A paradox is an apparently true statement or group of statements that seems to lead to a contradiction or to a situation that defies intuition. Typically, either the statements in question do not really imply the contradiction, the puzzling result is not really a contradiction, or the premises themselves are not all really true (or, cannot all be true together). The recognition of ambiguities, equivocations, and unstated assumptions underlying known paradoxes has led to significant advances in science, philosophy and mathematics.

The word paradox is often used interchangeably with contradiction; but where a contradiction by definition cannot be true, many paradoxes do allow for resolution, though many remain unresolved or only contentiously resolved (such as Curry's paradox). Still more casually, the term is sometimes used for situations that are merely surprising (albeit in a distinctly "logical" manner) such as the Birthday Paradox. This is also the usage in economics, where a paradox is an unintuitive outcome of economic theory.

The etymology of paradox can be traced back to the early Renaissance. Early forms of the word appeared in the late Latin paradoxum and the related Greek paradoxon. The word is composed of the preposition para which means "against" conjoined to the noun stem doxa, meaning "belief". Compare orthodox (literally, "straight teaching") and heterodox (literally, "different teaching"). The liar paradox and other paradoxes were studied in medieval times under the heading insolubilia.

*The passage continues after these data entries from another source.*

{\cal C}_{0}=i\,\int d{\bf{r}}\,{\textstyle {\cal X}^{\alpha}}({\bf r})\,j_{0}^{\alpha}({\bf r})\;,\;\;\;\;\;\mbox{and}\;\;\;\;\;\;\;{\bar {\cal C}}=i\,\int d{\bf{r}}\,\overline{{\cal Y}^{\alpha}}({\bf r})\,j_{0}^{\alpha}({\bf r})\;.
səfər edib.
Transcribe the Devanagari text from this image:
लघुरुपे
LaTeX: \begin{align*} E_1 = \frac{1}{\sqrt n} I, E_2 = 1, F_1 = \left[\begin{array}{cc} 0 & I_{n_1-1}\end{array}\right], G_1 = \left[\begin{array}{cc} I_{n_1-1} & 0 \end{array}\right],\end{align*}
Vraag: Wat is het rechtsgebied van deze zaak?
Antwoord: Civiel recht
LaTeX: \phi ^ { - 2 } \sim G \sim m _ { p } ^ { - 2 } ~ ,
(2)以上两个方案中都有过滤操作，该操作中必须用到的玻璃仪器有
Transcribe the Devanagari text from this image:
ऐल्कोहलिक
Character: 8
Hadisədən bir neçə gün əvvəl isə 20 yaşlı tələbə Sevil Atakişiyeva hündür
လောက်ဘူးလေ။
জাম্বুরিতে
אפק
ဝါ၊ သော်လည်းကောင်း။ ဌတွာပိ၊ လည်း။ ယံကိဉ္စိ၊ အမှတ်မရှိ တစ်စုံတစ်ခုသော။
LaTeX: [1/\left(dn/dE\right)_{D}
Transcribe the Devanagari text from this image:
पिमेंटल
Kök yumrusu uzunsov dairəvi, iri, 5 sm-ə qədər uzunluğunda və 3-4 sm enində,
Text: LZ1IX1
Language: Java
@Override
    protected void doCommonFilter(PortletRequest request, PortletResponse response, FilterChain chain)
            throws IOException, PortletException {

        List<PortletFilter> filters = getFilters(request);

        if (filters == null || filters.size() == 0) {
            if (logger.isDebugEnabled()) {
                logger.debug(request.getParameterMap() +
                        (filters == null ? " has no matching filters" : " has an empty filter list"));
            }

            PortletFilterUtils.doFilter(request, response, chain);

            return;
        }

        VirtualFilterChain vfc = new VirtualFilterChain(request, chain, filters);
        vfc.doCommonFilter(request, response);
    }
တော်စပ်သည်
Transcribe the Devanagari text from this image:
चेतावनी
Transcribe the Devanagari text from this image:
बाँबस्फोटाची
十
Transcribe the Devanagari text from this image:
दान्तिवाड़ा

Common themes in paradoxes include direct and indirect self-reference, infinity, circular definitions, and confusion of levels of reasoning. Paradoxes which are not based on a hidden error generally happen at the fringes of context or language, and require extending the context (or language) to lose their paradox quality.

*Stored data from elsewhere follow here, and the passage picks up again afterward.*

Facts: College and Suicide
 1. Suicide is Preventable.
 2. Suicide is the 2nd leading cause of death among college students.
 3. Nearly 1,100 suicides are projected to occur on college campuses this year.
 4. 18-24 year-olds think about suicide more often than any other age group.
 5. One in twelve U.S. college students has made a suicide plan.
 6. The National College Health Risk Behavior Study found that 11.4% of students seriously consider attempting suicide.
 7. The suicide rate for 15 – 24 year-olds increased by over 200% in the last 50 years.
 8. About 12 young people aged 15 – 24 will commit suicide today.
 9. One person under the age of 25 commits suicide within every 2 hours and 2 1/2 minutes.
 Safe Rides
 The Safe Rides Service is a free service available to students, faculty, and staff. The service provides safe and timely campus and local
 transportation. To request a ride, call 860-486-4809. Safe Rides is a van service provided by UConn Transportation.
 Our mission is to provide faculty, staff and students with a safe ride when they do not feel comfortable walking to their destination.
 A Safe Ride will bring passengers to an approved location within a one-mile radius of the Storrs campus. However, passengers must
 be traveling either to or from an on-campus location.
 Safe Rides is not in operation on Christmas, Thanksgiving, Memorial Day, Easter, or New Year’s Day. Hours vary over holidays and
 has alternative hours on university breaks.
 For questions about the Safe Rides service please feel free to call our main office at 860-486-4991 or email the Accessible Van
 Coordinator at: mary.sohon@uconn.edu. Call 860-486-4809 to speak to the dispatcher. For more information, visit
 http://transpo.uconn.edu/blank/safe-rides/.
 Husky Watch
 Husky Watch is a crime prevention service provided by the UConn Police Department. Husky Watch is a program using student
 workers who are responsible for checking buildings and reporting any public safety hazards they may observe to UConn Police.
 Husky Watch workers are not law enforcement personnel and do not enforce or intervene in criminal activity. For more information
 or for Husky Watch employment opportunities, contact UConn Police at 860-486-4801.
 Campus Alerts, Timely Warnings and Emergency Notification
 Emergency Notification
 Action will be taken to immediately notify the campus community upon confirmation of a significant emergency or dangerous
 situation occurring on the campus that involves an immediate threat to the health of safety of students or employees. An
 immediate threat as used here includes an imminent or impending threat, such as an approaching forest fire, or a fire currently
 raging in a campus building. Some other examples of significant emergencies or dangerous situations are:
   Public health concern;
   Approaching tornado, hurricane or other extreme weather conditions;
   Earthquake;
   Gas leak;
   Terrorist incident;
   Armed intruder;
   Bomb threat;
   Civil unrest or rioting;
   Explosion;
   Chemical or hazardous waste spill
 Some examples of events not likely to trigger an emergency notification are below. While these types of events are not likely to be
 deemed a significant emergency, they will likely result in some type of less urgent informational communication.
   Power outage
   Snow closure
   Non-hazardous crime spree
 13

In moral philosophy, paradox plays a central role in ethics debates. For instance, an ethical admonition to "love thy neighbour" is not just in contrast with, but in contradiction to an armed neighbour actively trying to kill you: if he or she succeeds, you will not be able to love him or her. But to preemptively attack them or restrain them is not usually understood as loving. This might be termed an ethical dilemma. Another example is the conflict between an injunction not to steal and one to care for a family that you cannot afford to feed without stolen money.

Types of paradoxes

W. V. Quine (1962) distinguished between three classes of paradoxes.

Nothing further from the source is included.